QRMIAS: Eleventh Meeting

Quantitative Research Methods: Introduction to Applied Statistics

David Sichinava, Rati Shubladze
December 27, 2017

Eleventh Meeting

Today's plans

  • Uncertainty
    • Estimation
    • Hypothesis Testing

Estimation

  • Parameter and Estimator
  • Random Sample: We try to estimate unknown parameter of population

Estimation: Ideal case

  • Estimation error = \( \overline{X}_{n} - p \)
  • However, the true value of the population is never known. Thus, we try to calculate what will be the average magnitude of error.

Estimation: Ideal case

  • Suppose, we are conducting the same experiment (survey, observation etc). In that case, our estimation errors will be independent from each other.

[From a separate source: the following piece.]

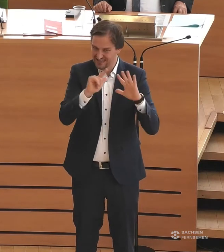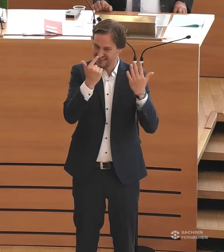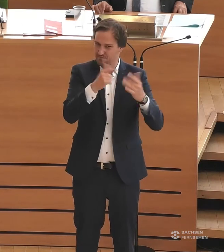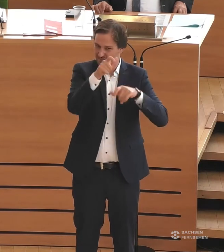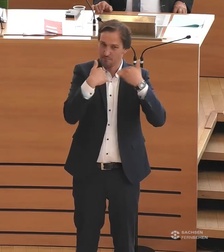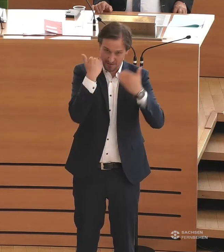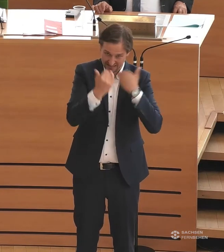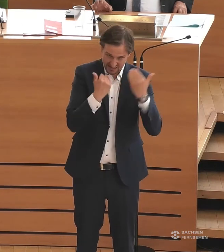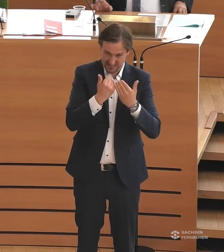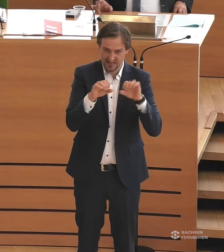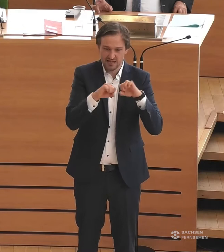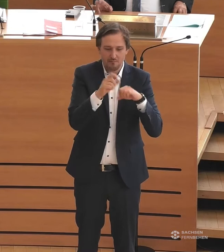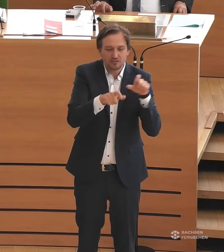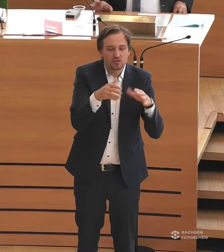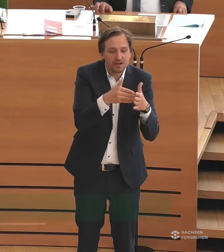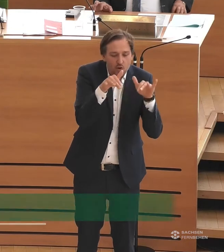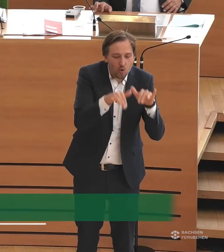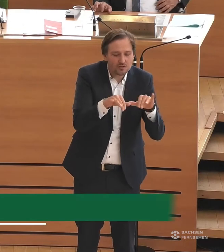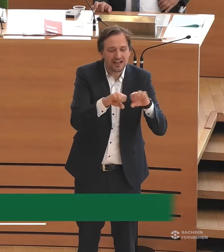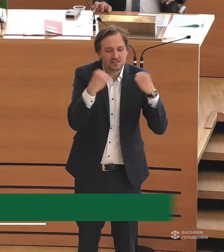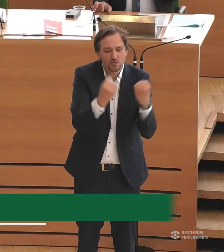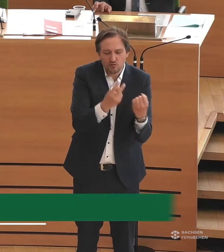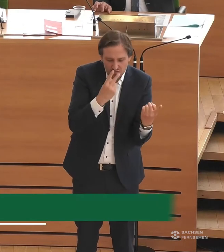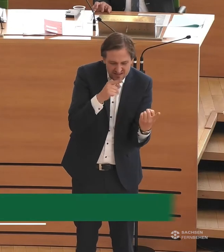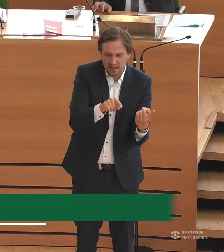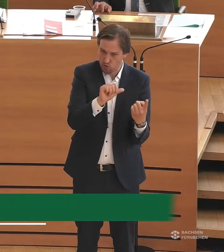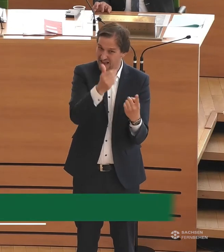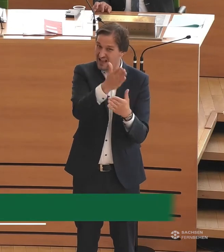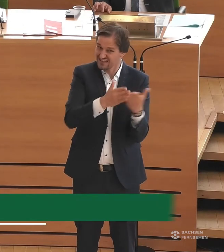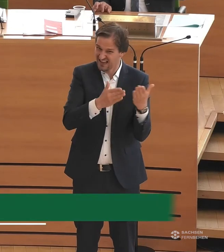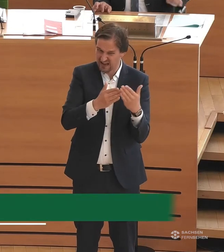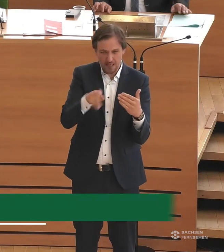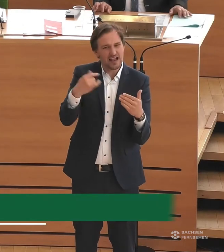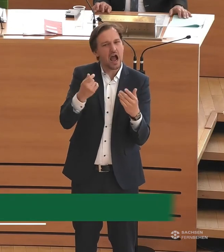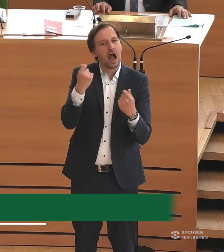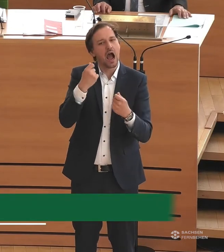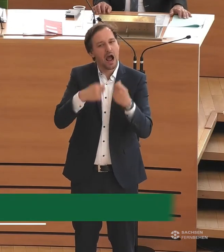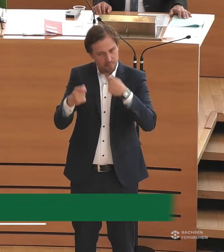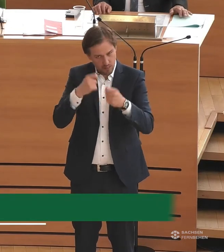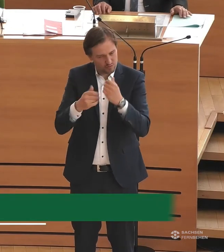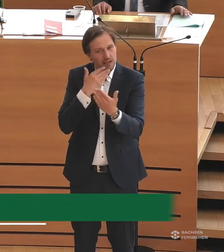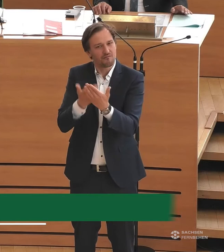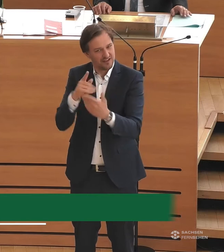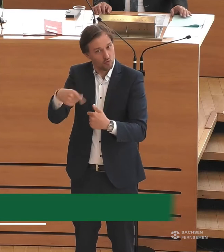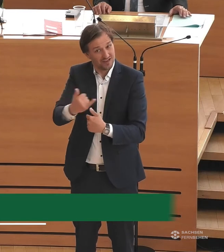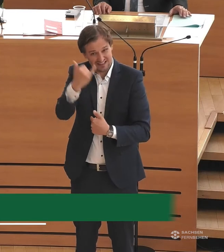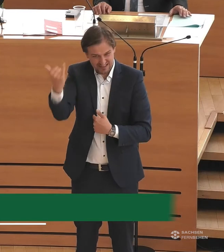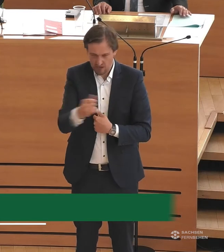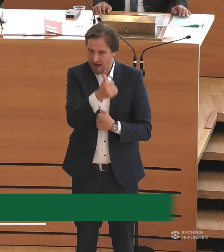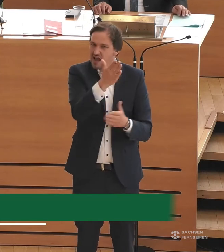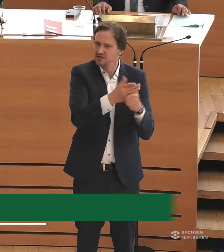Menschen mit Behinderungen zur Diskussion. Der erste Teil, die Handlungsempfehlungen kommen ja dann im nächsten Jahr. Und die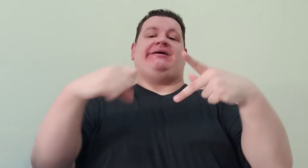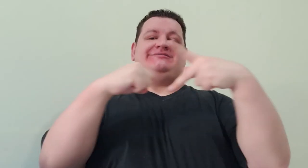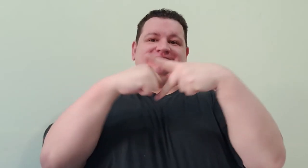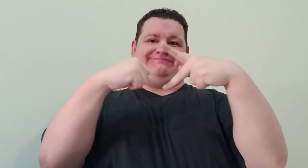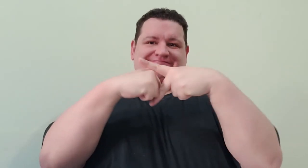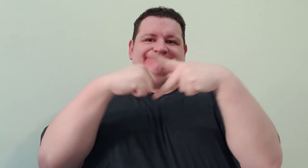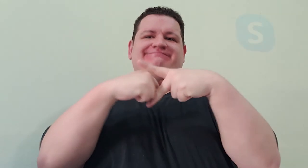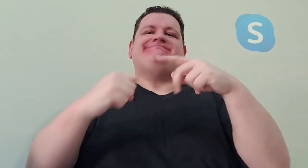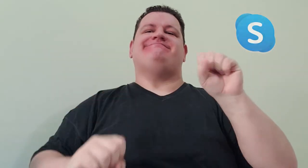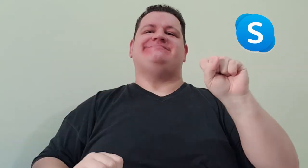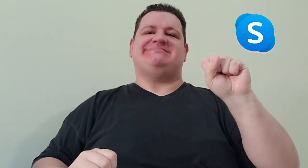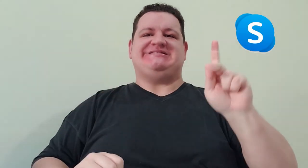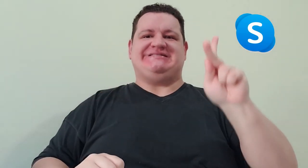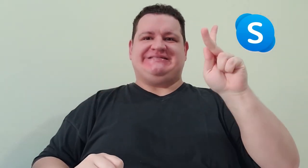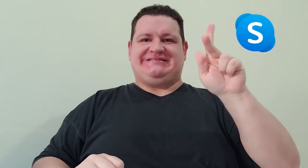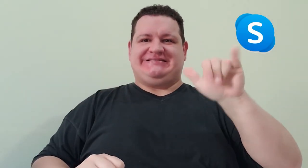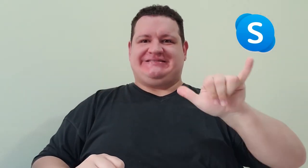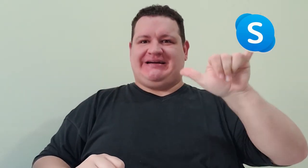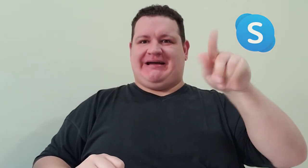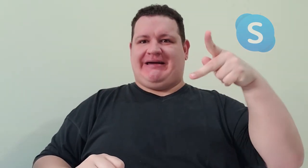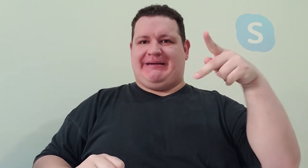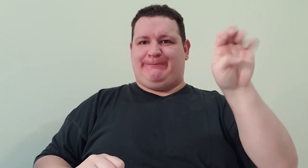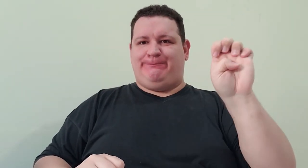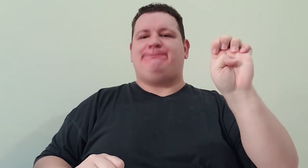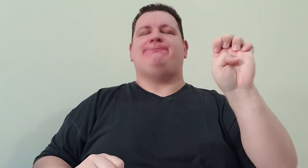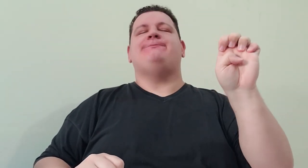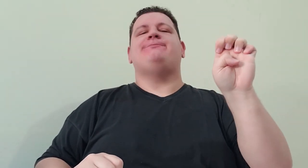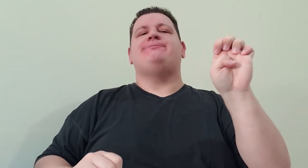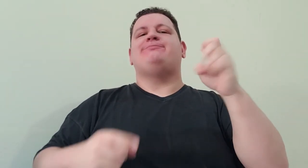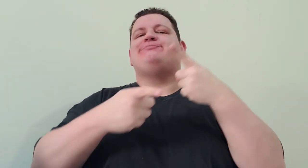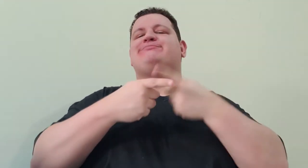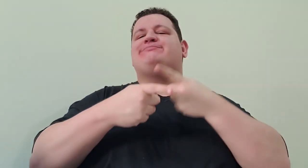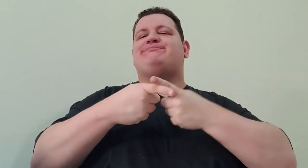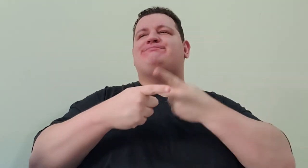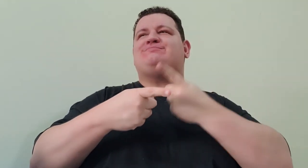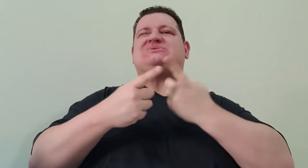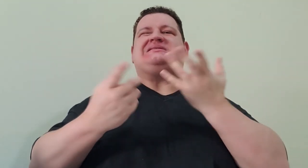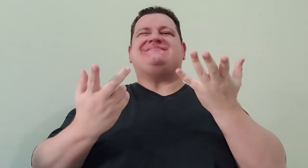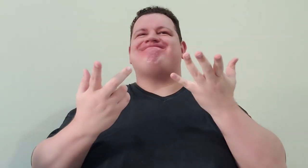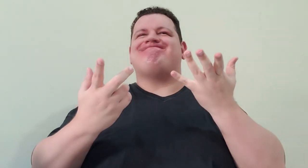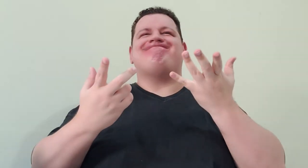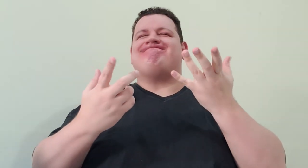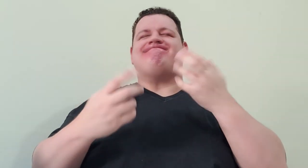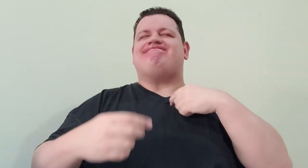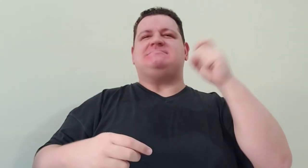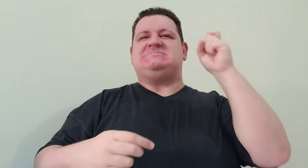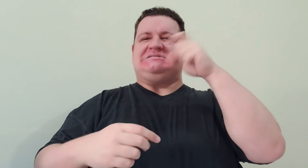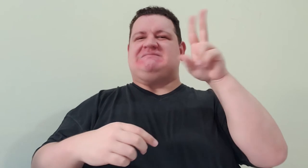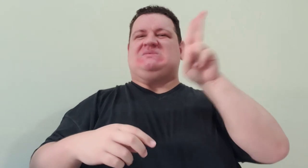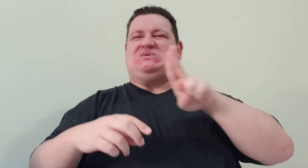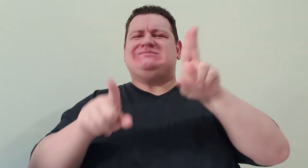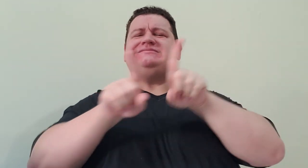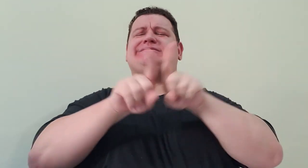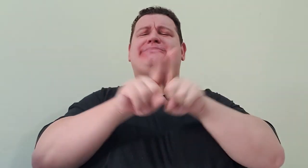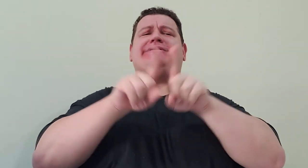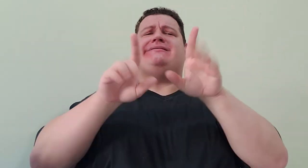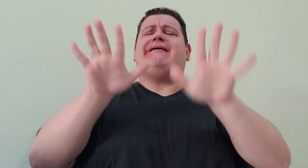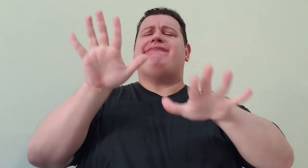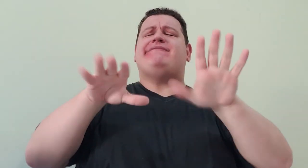Germano o pior para mim é o Skype pela dificuldade na hora de usar algumas vezes tem

Hence, it is random variable

\( \mathbb{E}(\overline{X}_{n}) = \frac{1}{n}\sum \mathbb{E}(X_{i}) = \mathbb{E}(X) \)

Estimation: Sample and Population mean experimental effect

  • Unbiased and consistent estimation

    • If expectation equals the parameter;
    • If it converges to the parameter as the sample size increases;
  • In randomized controlled trials, the average outcome difference between the treatment and control groups is an unbiased estimator of the sample average treatment effect (SATE).

  • The estimator is also unbiased and consistent for the population average treatment effect (PATE).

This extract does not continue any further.